SimTower Reverse Engineering – Part 2

With the header sorta figured out, and unit data partially figured out, there’s still a lot more file that hasn’t been determined yet.

Immediately after the last floor’s unit information, the game does a 4 Byte read, followed by some number of 16 Byte entries. As I quickly suspected, the number of entries is exactly the same as those 4 Bytes interpreted as an integer. Perfect, now we at least know the structure of another large chunk of the file.

Next Parts

But what do we do with this? First I started by dumping the values into a terminal to see if I could see any patterns. Two things jumped out at me, the first and third values increment. The first goes up from 0 to 113, which is the count of floors in the building that have anything on them (including the cathedral’s multiple stories above floor 100). So we’ve got one entry per floor, it seems. Some floors seem to have no entries, which appear to be lobbies or otherwise completely empty floors.

Next, I started looking for a pattern in the number of entries on a floor and what’s on that floor. Quickly, I saw that there were 30 entries for floors with 10 condo units on them. This suggests a condo has 3 entries. Knowing the game, I know that a condo has a population of 3 people, so these must be entries related to people!

Checking a floor with 19 offices there are 114 entries. Offices have 6 people per office, so that’s what this data structure is for. On to the contents of the data structure, past the two that were immediately apparent. The next pattern I spot in that the second byte is also incrementing, and seems to be the index of the unit on the floor. Now we’ve got 3 / 16 Bytes figured out.
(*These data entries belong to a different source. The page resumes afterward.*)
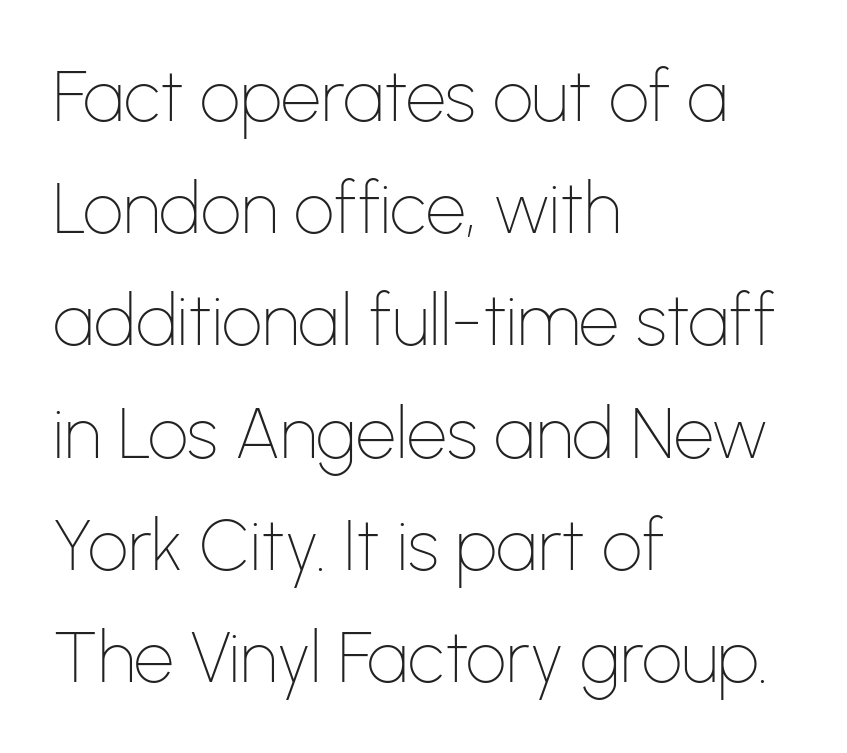
Q: Is the text bold? A: No.
Q: Is the text italic (slanted)? A: No, it is upright.
Q: Is the typeface a serif or a sans-serif typeface? A: Sans-serif.
Q: Is the text underlined? A: No.
Q: How is the paragraph aligned? A: Left-aligned.
Q: Is the spacing between letters normal or unusually wide? A: Normal.
Q: Is the spacing between lines tight, normal or loose? A: Normal.
Q: Width (condensed, normal, or wide)? A: Normal.
Q: Stroke contrast? A: Low.
Q: x-height? A: Medium.
Q: Monospaced? A: No.

What’s next?

I name a couple people and use the in game tools to find them throughout the building, and see that byte 7 seems to be the current floor they’re on, and byte 5 looks suspiciously like bit-flags, even if I don’t know what exactly they mean yet. They may show things like if a person is in the building or not, sleeping, etc. I think the last four bytes are two 16 bit integers, and these may be storing the stress and eval(uation), but these don’t look consistent.

What’s After People?

I decide to put the people data aside and see what’s next. The ProcMon CSV (explained in Part 1) shows a read of 9,216 Bytes, with no read for length before it. This suggests to me that this is a static sized block. It’s divisible by 16, but 576 isn’t a nice “round” number, not like 512. Seeing that this is close to 512, I try the next larger even number. 9,216 / 18 is 512. There’s our nice round number.
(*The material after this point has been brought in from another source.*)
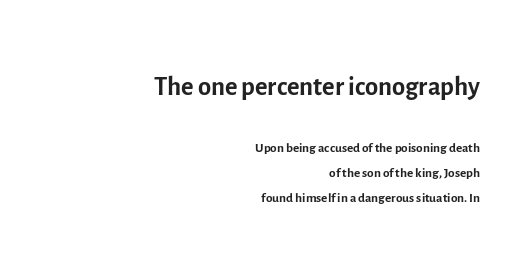
{"serif": "no", "italic": "no", "bold": "no", "weight": "regular", "width": "normal", "x_height": "medium", "monospaced": "no", "underline": "no", "align": "right", "line_spacing": "normal", "line_spacing_ratio": 1.31, "letter_spacing": "normal", "letter_spacing_em": 0.0, "larger_block": "first", "size_ratio": 2.0, "glyph_px": 38}

From this, I can strongly infer that I’m dealing with a fixed length of 512 entries, each 18 bytes in size. Maybe they have a similar structure to our unit structure, which also has an 18 byte size. I can also see that not all of them are full from a hex editor. Where else do I have a similar number? I know the count of commercial (shop, restaurant, fast-food place, etc.) is 419. I’m betting that I’ll have 419 complete values, and the rest as empty placeholders/padding. Let’s see. I’ve included the some entries in the section, with their decimal values shown.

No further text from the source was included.